御曹司に恩返しを強要されています 執着王子と子作り契約結婚 1
第一話
「君が僕の子どもを産んでくれ」
一瞬、時間が止まったのかと思った。
耳にした台詞は簡潔で、誤解を挟む余地もない。聞き間違えようもなく、シンプルなものだ。
しかしだからこそ、空耳を疑ってしまった。
彼がそんなことを口にするはずがないという、思いも相まって。
「あ、あの……もう一度おっしゃっていただけますか? 私、上手く聞き取れなかったみたいで……」
口元を引き攣らせた鈴城春乃(すずしろはるの)が無理に笑うと、彼――神宮寺要(じんぐうじかなめ)は表情を変えることなくこちらを凝視してきた。
その眼差しの強さに怯みそうになる。
普段は柔和な空気を漂わせている彼が真剣な面持ちになると、急に圧が増した。
この表情には見覚えがある。
十七年前、まだ九歳だった春乃を守るため、要が見せた顔と同じものだった。
あの時も彼は微笑みを消し剣呑さを宿した双眸で、毅然とし春乃を背に庇ってくれた。
九歳の少年の背中は小さく華奢で、あまり性別の違いも現れていない頃だ。
それでも普段声を荒らげることのない要が春乃のために怒ってくれているのだと思えば、途轍もない安心感と頼り甲斐を覚えた。
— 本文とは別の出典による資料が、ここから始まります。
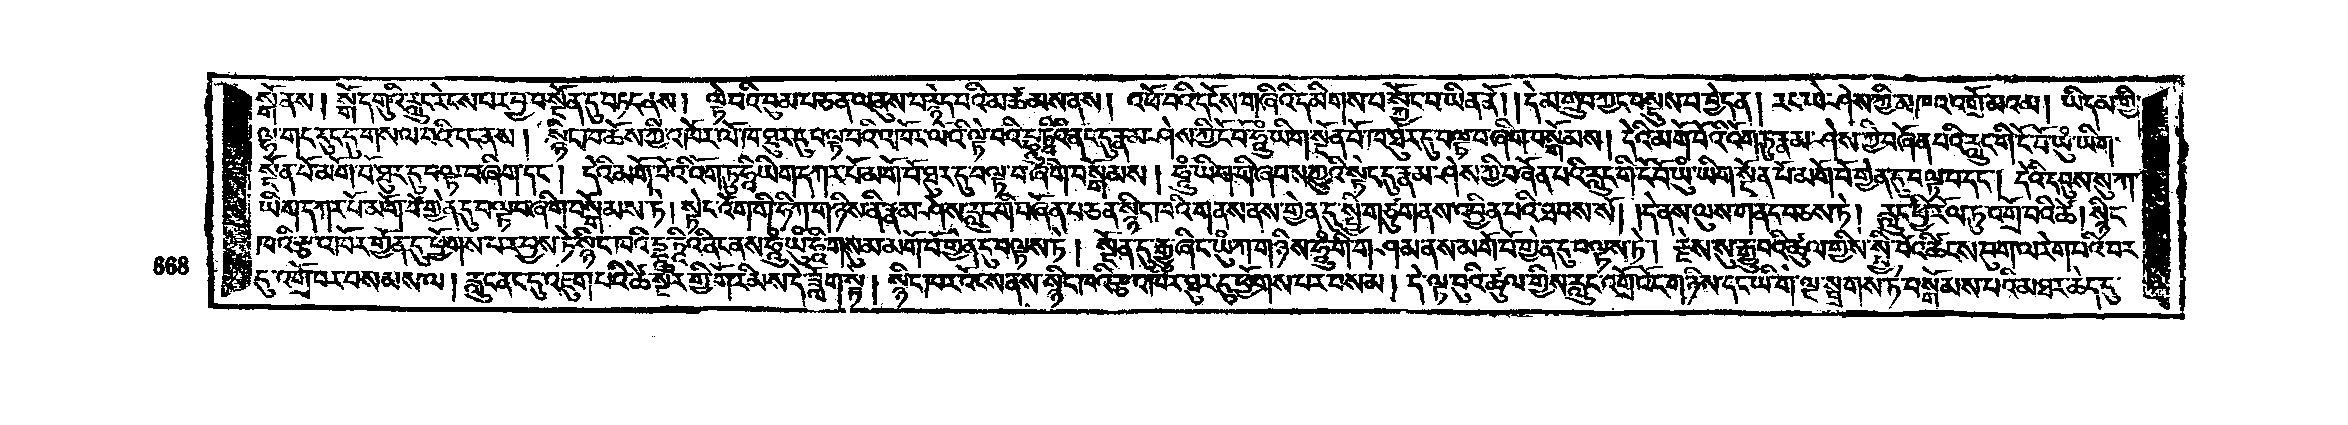སྒོ་ནས། སྒོ་དགུའི་རླུང་རེངས་པར་བྱ་བ་སྔོན་དུ་བཏང་ནས། ལྟེ་བའི་བུམ་པ་ཅན་ལ་ནུས་པ་རྙེད་པའི་མཚམས་ནས། འཕོ་བའི་དངོས་གཞིའི་དམིགས་པ་སྐྱོང་བ་ཡིན་ནོ། །དེ་མ་གྲུབ་ཀྱང་བསྡུས་པ་བྱེད་ན། རང་ཡེ་ཤེས་ཀྱི་མཁའ་འགྲོ་མའམ། ཡི་དམ་གྱི་
ལྷ་གང་རུང་དུ་གསལ་བའི་ངང་ནས། སྙིང་ཁ་ཆོས་ཀྱི་འཁོར་ལོ་ཁ་ཐུར་དུ་བལྟ་བའི་འཁོར་ལོའི་ལྟེ་བའི་དྷཱུ་ཏཱིའི་ནང་དུ་རྣམ་ཤེས་ཀྱི་ངོ་བོ་ཧཱུཾ་ཡིག་སྔོན་པོ་ཁ་ཐུར་དུ་བལྟ་བ་ཞིག་བསྒོམས། དེའི་མགོ་བོའི་འོག་ཏུ་རྣམ་ཤེས་ཀྱི་བཞོན་པའི་རླུང་གི་ངོ་བོ་ཡུཾ་ཡིག་
སྔོན་པོ་མགོ་བོ་ཐུར་དུ་བལྟ་བ་ཞིག་དང་། དེའི་མགོ་བོའི་འོག་ཏུ་ཧཱི་ཡིག་དཀར་པོ་མགོ་བོ་ཐུར་དུ་བལྟ་བ་ཞིག་བསྒོམས། ཧཱུཾ་ཡིག་གི་ཞབས་ཀྱུའི་སྟེང་དུ་རྣམ་ཤེས་ཀྱི་བཞོན་པའི་རླུང་གི་ངོ་བོ་ཡུཾ་ཡིག་སྔོན་པོ་མགོ་བོ་གྱེན་དུ་བལྟ་བ་དང་། དེའི་དབུས་སུ་ཀ་
ཡིག་དཀར་པོ་མགོ་བོ་གྱེན་དུ་བལྟ་བ་ཞིག་བསྒོམས་ཏེ། སྟེང་འོག་གི་ཧི་ཀ་གཉིས་ནི་རྣམ་ཤེས་རླུང་གི་བཞོན་པ་ཅན་སྙིང་ཁའི་གནས་ནས་གྱེན་དུ་སྤྱི་གཙུག་ནས་འབྱིན་པའི་ཐབས་སོ། །དེ་ནས་ལུས་གནད་བཅས་ཏེ། རླུང་ཕྱི་རོལ་ཏུ་འགྲོ་བའི་ཚེ། སྙིང་
ཁའི་རྩ་འཁོར་གྱེན་དུ་ཕྱོགས་པར་བྱས་ཏེ་སྙིང་ཁའི་དྷཱུ་ཏཱིའི་ནང་ནས་ཧཱུཾ་ཡུཾ་ཧཱི་གསུམ་མགོ་བོ་གྱེན་དུ་བལྟས་ཏེ། སྔོན་དུ་རྒྱུ་ཞིང་ཡུཾ་ཀ་གཉིས་ཧཱུཾ་གི་གཤམ་ནས་མགོ་བོ་གྱེན་དུ་བལྟས་ཏེ། རྗེས་སུ་རྒྱུ་བའི་ཚུལ་གྱིས་སྤྱི་བོའི་ཚིངས་བུག་ལ་རེག་པའི་བར་
དུ་འགྲོ་བར་བསམས་ལ། རླུང་ནང་དུ་འཇུག་པའི་ཚེ་སྔར་གྱི་གོ་རིམས་དེ་ཟློག་སྟེ། སྙིང་ཁར་འོངས་ནས་སྙིང་ཁའི་རྩ་འཁོར་ཐུར་དུ་ཕྱོགས་པར་བསམ། དེ་ལྟ་བུའི་ཚུལ་གྱིས་རླུང་འགྲོ་འོང་གཉིས་དང་ཡི་གེ་ལྔ་སྦྲགས་ཏེ་བསྒོམས་པའི་མཐར་ཆེད་དུ་

子どもらしからぬ利口さと冷静さを併せ持つ彼が、不快感を露わにしたのも驚き。
常に穏やかな優等生であり、特に女子に親切だった要が見せた憤怒の様子に、春乃を取り囲んでいた者たちが怯んだのは当然だった。
当時の気持ちが春乃の中で鮮やかによみがえる。
ただしあの時と違うのは、鋭い視線の矛先が春乃を虐めていた同級生ではなく、自分自身に向いていることだ。
まっすぐ突き刺さる真剣な眼差し。
目を逸らすこともできやしない。呼吸すら滞り、春乃は無意識に喉を震わせた。
「――かつてした約束を今果たしてほしい。……春乃は昔、『何でもする』と言ってくれたよね? 覚えている?」
勿論、忘れてなどいない。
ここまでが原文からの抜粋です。